== Segment start ==

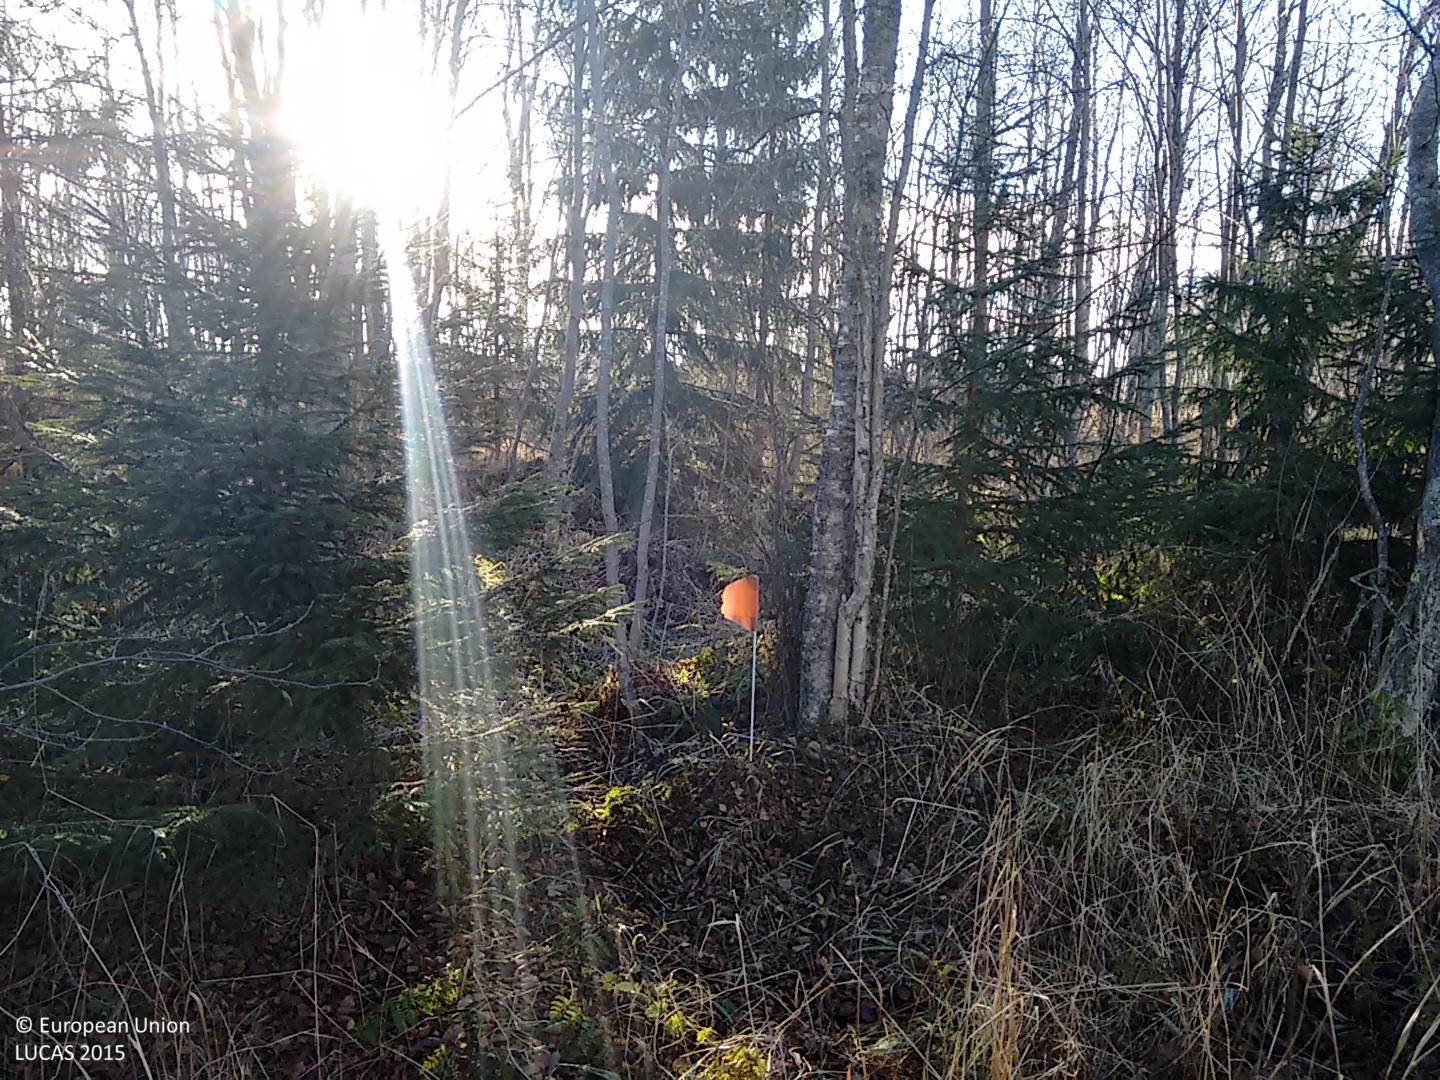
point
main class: Woodland
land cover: Spruce dominated mixed woodland
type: boreal forest
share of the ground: > 75 %
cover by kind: coniferous forest trees 45 %, broadleaved forest trees 40 %, herbaceous plants 10 %, shrubs 5 %
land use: Forestry
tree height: > 5 m
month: October
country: FI
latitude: 64.7656
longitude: 24.6375
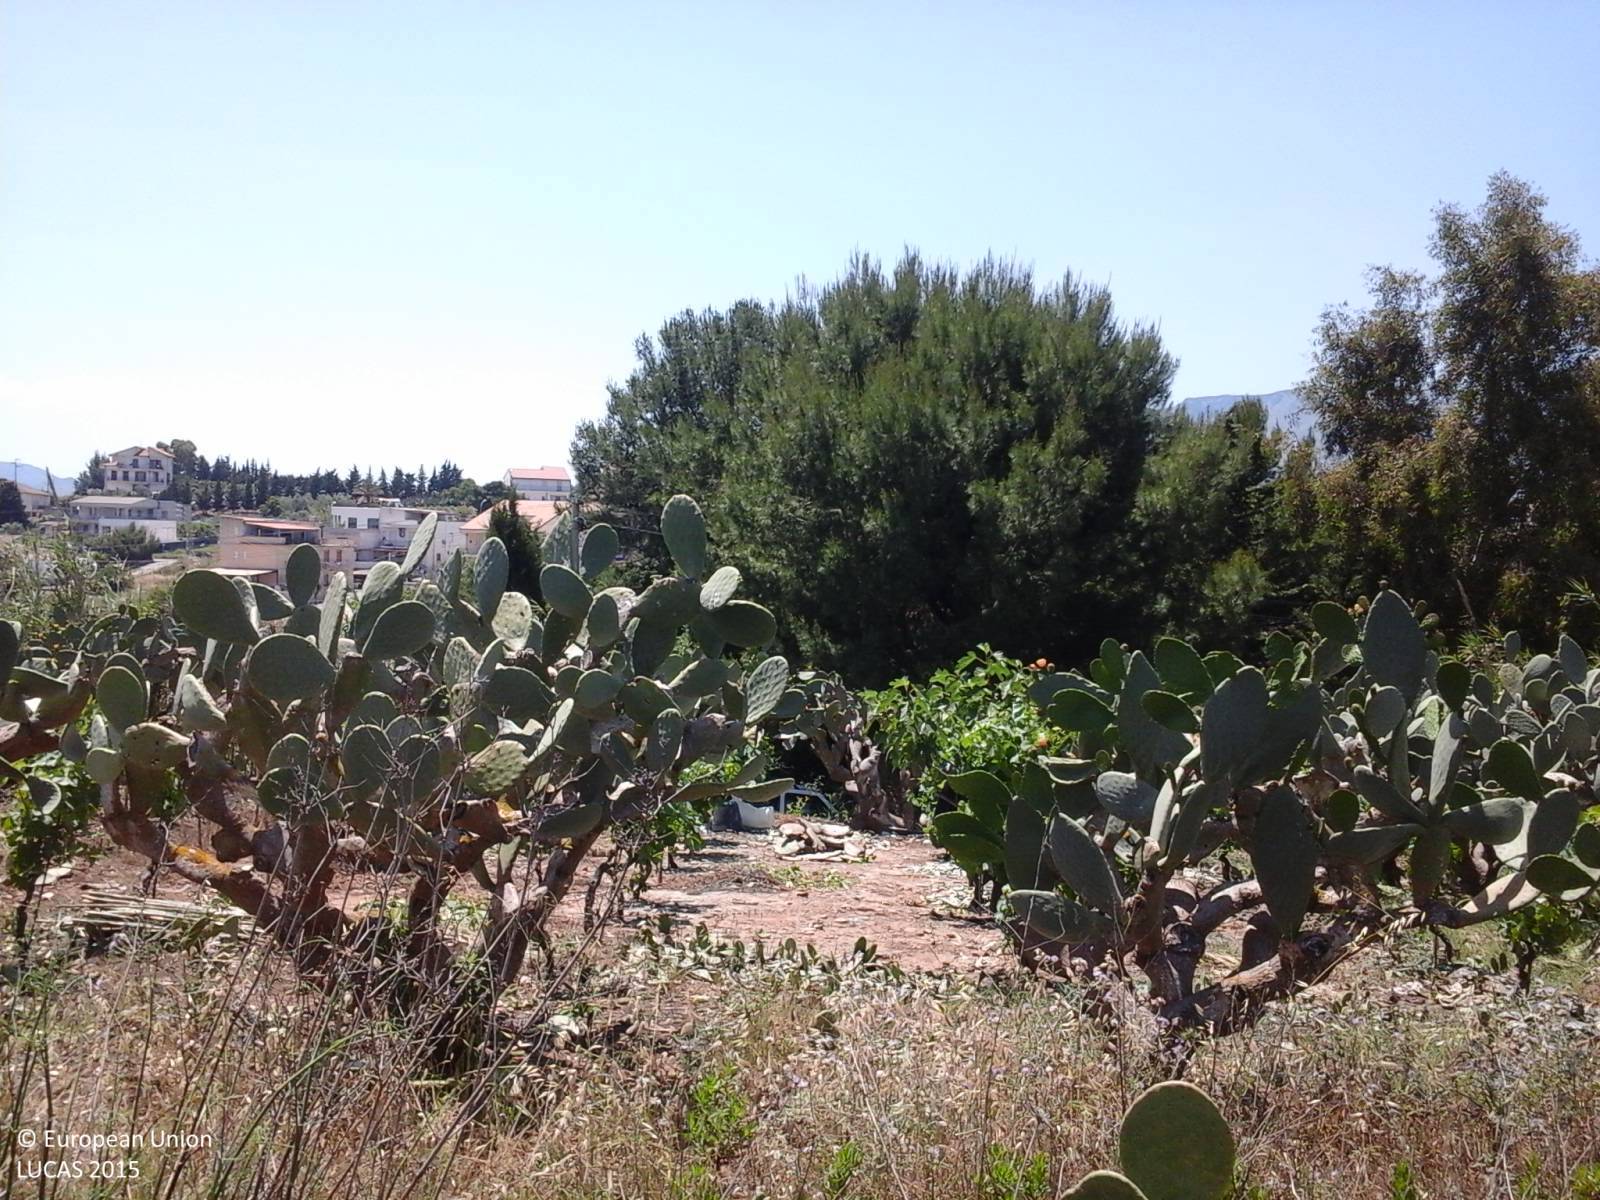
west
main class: Grassland
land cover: Grassland without tree/shrub cover
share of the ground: > 75 %
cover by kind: herbaceous plants 100 %
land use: Abandoned areas
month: June
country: IT
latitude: 37.9924
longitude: 12.9507

== Segment end ==

**Problem**
The lines above from the line with "land cover: Spruce dominated mixed woodland" through the line with "land cover: Grassland" are to be given again word for word, with no pictures among them.

**Output of the task**
land cover: Spruce dominated mixed woodland
type: boreal forest
share of the ground: > 75 %
cover by kind: coniferous forest trees 45 %, broadleaved forest trees 40 %, herbaceous plants 10 %, shrubs 5 %
land use: Forestry
tree height: > 5 m
month: October
country: FI
latitude: 64.7656
longitude: 24.6375
west
main class: Grassland
land cover: Grassland without tree/shrub cover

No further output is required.